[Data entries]

• • • •

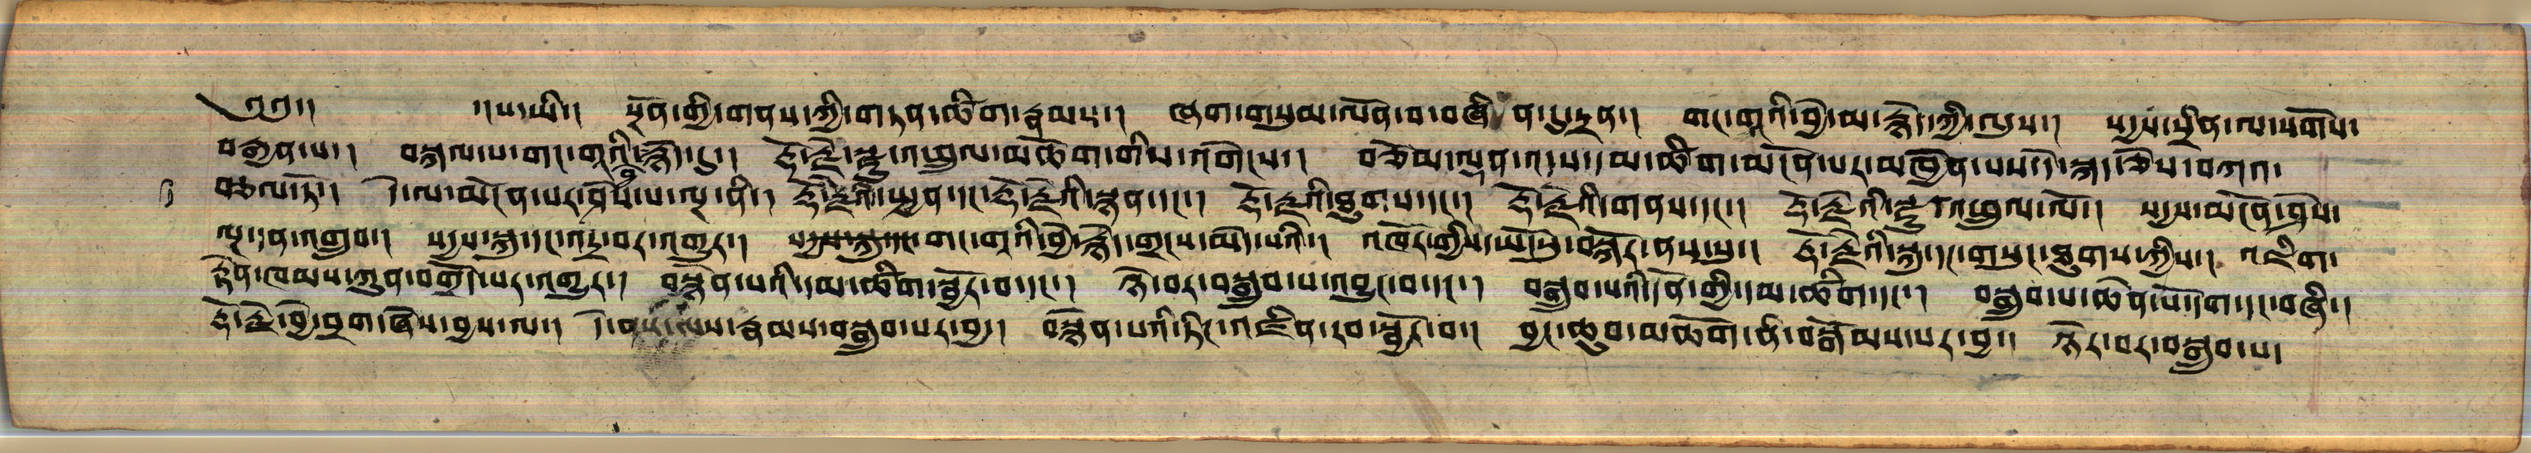༄༅་། ་།ས་ཡི་། སྔོན་གྱི་གནས་ཀྱི་གཏན་ཚིག་རྣམས་། ཞག་གསུམ་ལོན་པ་བཞི ན་དུ་དྲན་། གང་གཱའི་བྱེ་མ་རྙེད་ཀྱི་ལུས་། སདྱས་སྲིན་ལ་སོགས་
བརྒྱན་པ་། བསྐལ་པ་གང་གཱའི་བྱེ་རྙེད་དུ་། རྡོ་རྗེ་སྫུ་འཕྲུལ་མཆོག་གིས་འགེངས་། བཅོམ་ལྡན་འདས་དམ་ཚིག་མངོན་པར་མཁྱེན་པས་དེ་སྐད་ཅེས་བཀའ་
བཅལ་ཏོ་། དེ་ལ་མངོན་པར་ཤེས་པ་ལྔ་ནི་། རྡོ་རྗེའི་སྤྱན་དང་རྡོ་རྗེའི་སྙན་དང་། རྡོ་རྗེའི་ཐུགས་དང་། རྡོ་རྗེའི་གནས་དང་། རྡོ་རྗེའི་སྫུ་འཕྲུལ་ལོ་། སདྱས་མངོན་ཤེས་
ལྔ་དན་འགྲུབ་། སདྱས་སྐུ་དང་འདྲ་བར་འགྱུར་། སདྱས་སྐུ་དང་གང་གཱའི་བྱེ་རྙེད་གྲངས་མེད་པའི་། འཁོར་གྱིས་ཡོངསུ་བསྐོར་ནས་སུ་། རྡོ་རྗེའི་སྐུ་དང་གསུང་ཐུགས་ཀྱིས་། འཇིག་
རྟེན་ཁམས་ཀུན་བགྲོད་པར་འགྱུར་། བསྙེན་པའི་དམ་ཚིག་སྦྱོར་བ་དང་། ཉེ་བར་བསྒྲུབ་པ་འབྱུང་བ་དང་། བསྒྲུབ་པའི་དོན་གྱི་དམ་ཚིག་དང་། བསྒྲུབ་པ་ཆེན་པོ་དག་དང་བཞི་།
རྡོ་རྗེ་བྱེ་བྲག་ཞེས་བྱས་ལ་། དེ་ནས་ལས་རྣམས་བསྒྲུབ་པར་བྱ་། བསྙེན་པའི་ཏིང་འཛིན་རབ་སྦྱོར་བ་། བྱང་ཆུབ་མཆོག་ནི་བསྒོམས་པར་བྱ་། ཉེར་བར་བསྒྲུབ་པ་
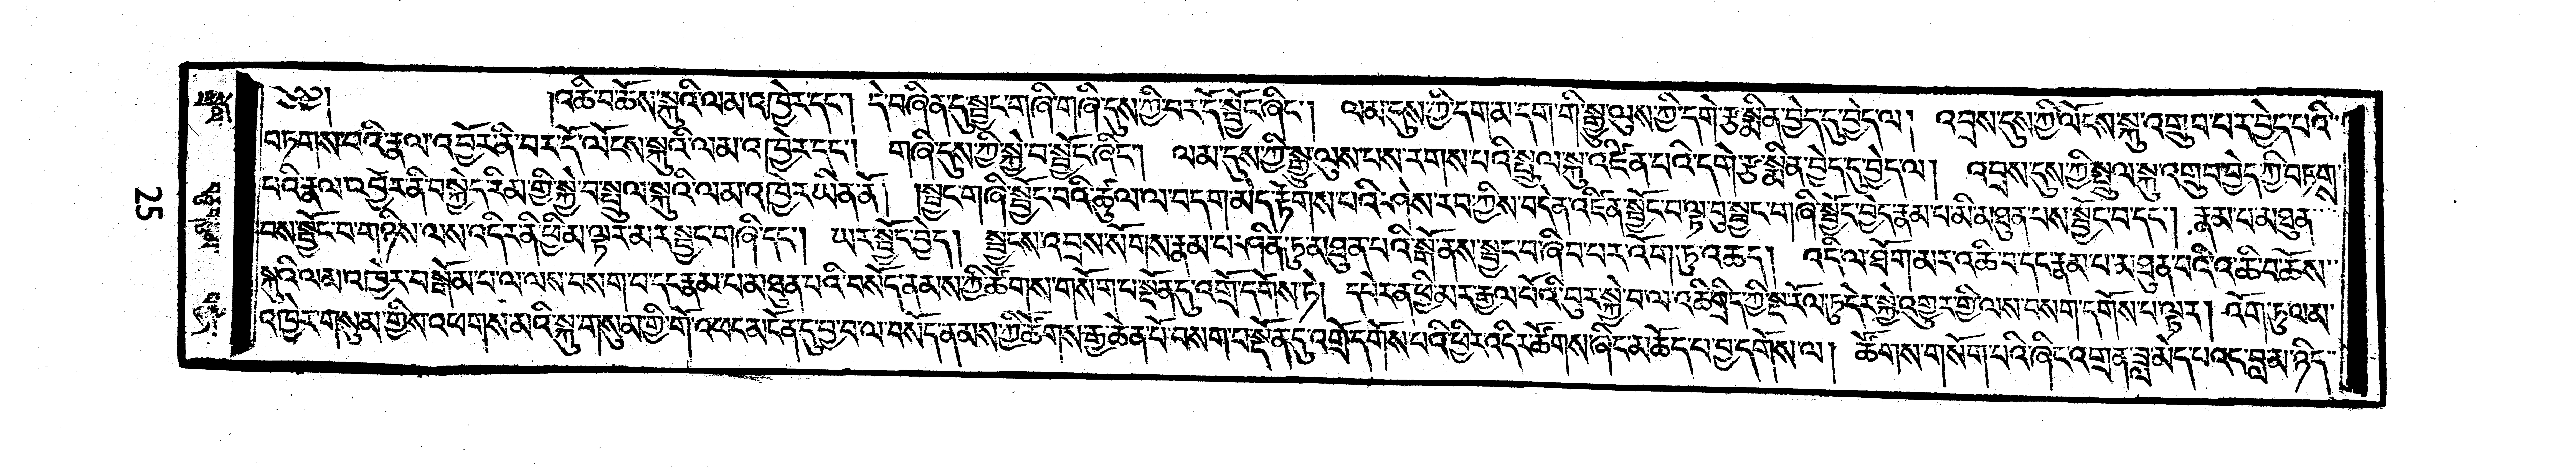༄༅། །འཆི་བ་ཆོས་སྐུའི་ལམ་འཁྱེར་དང་། དེ་བཞིན་དུ་སྦྱང་གཞི་གཞི་དུས་ཀྱི་བར་དོ་སྦྱོང་ཞིང་། ལམ་དུས་ཀྱི་དག་མ་དག་གི་སྒྱུ་ལུས་ཀྱི་དགེ་རྩ་སྨིན་བྱེད་དུ་བྱེད་ལ། འབྲས་དུས་ཀྱི་ལོངས་སྐུ་འགྲུབ་པར་བྱེད་པའི་
བཏགས་པའི་རྣལ་འབྱོར་ནི་བར་དོ་ལོངས་སྐུའི་ལམ་འཁྱེར་དང་། གཞི་དུས་ཀྱི་སྐྱེ་བ་སྦྱོང་ཞིང་། ལམ་དུས་ཀྱི་སྒྱུ་ལུས་པས་རགས་པའི་སྤྲུལ་སྐུ་འཛིན་པའི་དགེ་རྩ་སྨིན་བྱེད་དུ་བྱེད་ལ། འབྲས་དུས་ཀྱི་སྤྲུལ་སྐུ་འགྲུབ་བྱེད་ཀྱི་བཏགས་
པའི་རྣལ་འབྱོར་ནི་བསྐྱེད་རིམ་གྱི་སྐྱེ་བ་སྤྲུལ་སྐུའི་ལམ་འཁྱེར་ཡིན་ནོ། །སྦྱང་གཞི་སྦྱོང་བའི་ཚུལ་ལ་བདག་མེད་རྟོགས་པའི་ཤེས་རབ་ཀྱིས་བདེན་འཛིན་སྦྱོང་བ་ལྟ་བུ་སྦྱང་གཞི་སྦྱོང་བྱེད་རྣམ་པ་མི་མཐུན་པས་སྦྱོང་བ་དང་། རྣམ་པ་མཐུན་
པས་སྦྱོང་བ་གཉིས་ལས་འདིར་ནི་ཕྱི་མ་ལྟར་མར་སྦྱང་གཞི་དང་། ཡར་སྦྱོང་བྱེད། སྦྱངས་འབྲས་སོགས་རྣམ་པ་ཤིན་ཏུ་མཐུན་པའི་སྒོ་ནས་སྦྱང་བ་ཞིབ་པར་འོག་ཏུ་འཆད། འདི་ལ་ཐོག་མར་འཆི་བ་དང་རྣམ་པ་མཐུན་པའི་འཆི་བ་ཆོས་
སྐུའི་ལམ་འཁྱེར་བ་སྒོམ་པ་ལ་ལས་བསགས་པ་དང་རྣམ་པ་མཐུན་པའི་བསོད་ནམས་ཀྱི་ཚོགས་གསོག་པ་སྔོན་དུ་འགྲོ་དགོས་ཏེ། དཔེར་ན་ཕྱི་མར་རྒྱལ་པོའི་བུར་སྐྱེ་བ་ལ་འཆི་སྲིད་ཀྱི་སྔ་རོལ་ཏུ་དེར་སྐྱེ་འགྱུར་གྱི་ལས་བསག་དགོས་པ་ལྟར། འོག་ཏུ་ལམ་
འཁྱེར་གསུམ་གྱིས་འཕགས་མའི་སྐུ་གསུམ་གྱི་གོ་འཕང་མངོན་དུ་བྱ་བ་ལ་བསོད་ནམས་ཀྱི་ཚོགས་རྒྱ་ཆེན་པོ་བསག་པ་སྔོན་དུ་འགྲོ་དགོས་པའི་ཕྱིར་འདིར་ཚོགས་ཞིང་མཆོད་པ་བྱ་དགོས་ལ། ཚོགས་གསོག་པའི་ཞིང་འགྲན་ཟླ་མེད་པའང་བླ་མ་ཉིད་

• • • •

▶ **Exercise brief**
With the pictures left out, write out all of the data exactly.

▶ **Finished task**
༄༅་། ་།ས་ཡི་། སྔོན་གྱི་གནས་ཀྱི་གཏན་ཚིག་རྣམས་། ཞག་གསུམ་ལོན་པ་བཞི ན་དུ་དྲན་། གང་གཱའི་བྱེ་མ་རྙེད་ཀྱི་ལུས་། སདྱས་སྲིན་ལ་སོགས་
བརྒྱན་པ་། བསྐལ་པ་གང་གཱའི་བྱེ་རྙེད་དུ་། རྡོ་རྗེ་སྫུ་འཕྲུལ་མཆོག་གིས་འགེངས་། བཅོམ་ལྡན་འདས་དམ་ཚིག་མངོན་པར་མཁྱེན་པས་དེ་སྐད་ཅེས་བཀའ་
བཅལ་ཏོ་། དེ་ལ་མངོན་པར་ཤེས་པ་ལྔ་ནི་། རྡོ་རྗེའི་སྤྱན་དང་རྡོ་རྗེའི་སྙན་དང་། རྡོ་རྗེའི་ཐུགས་དང་། རྡོ་རྗེའི་གནས་དང་། རྡོ་རྗེའི་སྫུ་འཕྲུལ་ལོ་། སདྱས་མངོན་ཤེས་
ལྔ་དན་འགྲུབ་། སདྱས་སྐུ་དང་འདྲ་བར་འགྱུར་། སདྱས་སྐུ་དང་གང་གཱའི་བྱེ་རྙེད་གྲངས་མེད་པའི་། འཁོར་གྱིས་ཡོངསུ་བསྐོར་ནས་སུ་། རྡོ་རྗེའི་སྐུ་དང་གསུང་ཐུགས་ཀྱིས་། འཇིག་
རྟེན་ཁམས་ཀུན་བགྲོད་པར་འགྱུར་། བསྙེན་པའི་དམ་ཚིག་སྦྱོར་བ་དང་། ཉེ་བར་བསྒྲུབ་པ་འབྱུང་བ་དང་། བསྒྲུབ་པའི་དོན་གྱི་དམ་ཚིག་དང་། བསྒྲུབ་པ་ཆེན་པོ་དག་དང་བཞི་།
རྡོ་རྗེ་བྱེ་བྲག་ཞེས་བྱས་ལ་། དེ་ནས་ལས་རྣམས་བསྒྲུབ་པར་བྱ་། བསྙེན་པའི་ཏིང་འཛིན་རབ་སྦྱོར་བ་། བྱང་ཆུབ་མཆོག་ནི་བསྒོམས་པར་བྱ་། ཉེར་བར་བསྒྲུབ་པ་
༄༅། །འཆི་བ་ཆོས་སྐུའི་ལམ་འཁྱེར་དང་། དེ་བཞིན་དུ་སྦྱང་གཞི་གཞི་དུས་ཀྱི་བར་དོ་སྦྱོང་ཞིང་། ལམ་དུས་ཀྱི་དག་མ་དག་གི་སྒྱུ་ལུས་ཀྱི་དགེ་རྩ་སྨིན་བྱེད་དུ་བྱེད་ལ། འབྲས་དུས་ཀྱི་ལོངས་སྐུ་འགྲུབ་པར་བྱེད་པའི་
བཏགས་པའི་རྣལ་འབྱོར་ནི་བར་དོ་ལོངས་སྐུའི་ལམ་འཁྱེར་དང་། གཞི་དུས་ཀྱི་སྐྱེ་བ་སྦྱོང་ཞིང་། ལམ་དུས་ཀྱི་སྒྱུ་ལུས་པས་རགས་པའི་སྤྲུལ་སྐུ་འཛིན་པའི་དགེ་རྩ་སྨིན་བྱེད་དུ་བྱེད་ལ། འབྲས་དུས་ཀྱི་སྤྲུལ་སྐུ་འགྲུབ་བྱེད་ཀྱི་བཏགས་
པའི་རྣལ་འབྱོར་ནི་བསྐྱེད་རིམ་གྱི་སྐྱེ་བ་སྤྲུལ་སྐུའི་ལམ་འཁྱེར་ཡིན་ནོ། །སྦྱང་གཞི་སྦྱོང་བའི་ཚུལ་ལ་བདག་མེད་རྟོགས་པའི་ཤེས་རབ་ཀྱིས་བདེན་འཛིན་སྦྱོང་བ་ལྟ་བུ་སྦྱང་གཞི་སྦྱོང་བྱེད་རྣམ་པ་མི་མཐུན་པས་སྦྱོང་བ་དང་། རྣམ་པ་མཐུན་
པས་སྦྱོང་བ་གཉིས་ལས་འདིར་ནི་ཕྱི་མ་ལྟར་མར་སྦྱང་གཞི་དང་། ཡར་སྦྱོང་བྱེད། སྦྱངས་འབྲས་སོགས་རྣམ་པ་ཤིན་ཏུ་མཐུན་པའི་སྒོ་ནས་སྦྱང་བ་ཞིབ་པར་འོག་ཏུ་འཆད། འདི་ལ་ཐོག་མར་འཆི་བ་དང་རྣམ་པ་མཐུན་པའི་འཆི་བ་ཆོས་
སྐུའི་ལམ་འཁྱེར་བ་སྒོམ་པ་ལ་ལས་བསགས་པ་དང་རྣམ་པ་མཐུན་པའི་བསོད་ནམས་ཀྱི་ཚོགས་གསོག་པ་སྔོན་དུ་འགྲོ་དགོས་ཏེ། དཔེར་ན་ཕྱི་མར་རྒྱལ་པོའི་བུར་སྐྱེ་བ་ལ་འཆི་སྲིད་ཀྱི་སྔ་རོལ་ཏུ་དེར་སྐྱེ་འགྱུར་གྱི་ལས་བསག་དགོས་པ་ལྟར། འོག་ཏུ་ལམ་
འཁྱེར་གསུམ་གྱིས་འཕགས་མའི་སྐུ་གསུམ་གྱི་གོ་འཕང་མངོན་དུ་བྱ་བ་ལ་བསོད་ནམས་ཀྱི་ཚོགས་རྒྱ་ཆེན་པོ་བསག་པ་སྔོན་དུ་འགྲོ་དགོས་པའི་ཕྱིར་འདིར་ཚོགས་ཞིང་མཆོད་པ་བྱ་དགོས་ལ། ཚོགས་གསོག་པའི་ཞིང་འགྲན་ཟླ་མེད་པའང་བླ་མ་ཉིད་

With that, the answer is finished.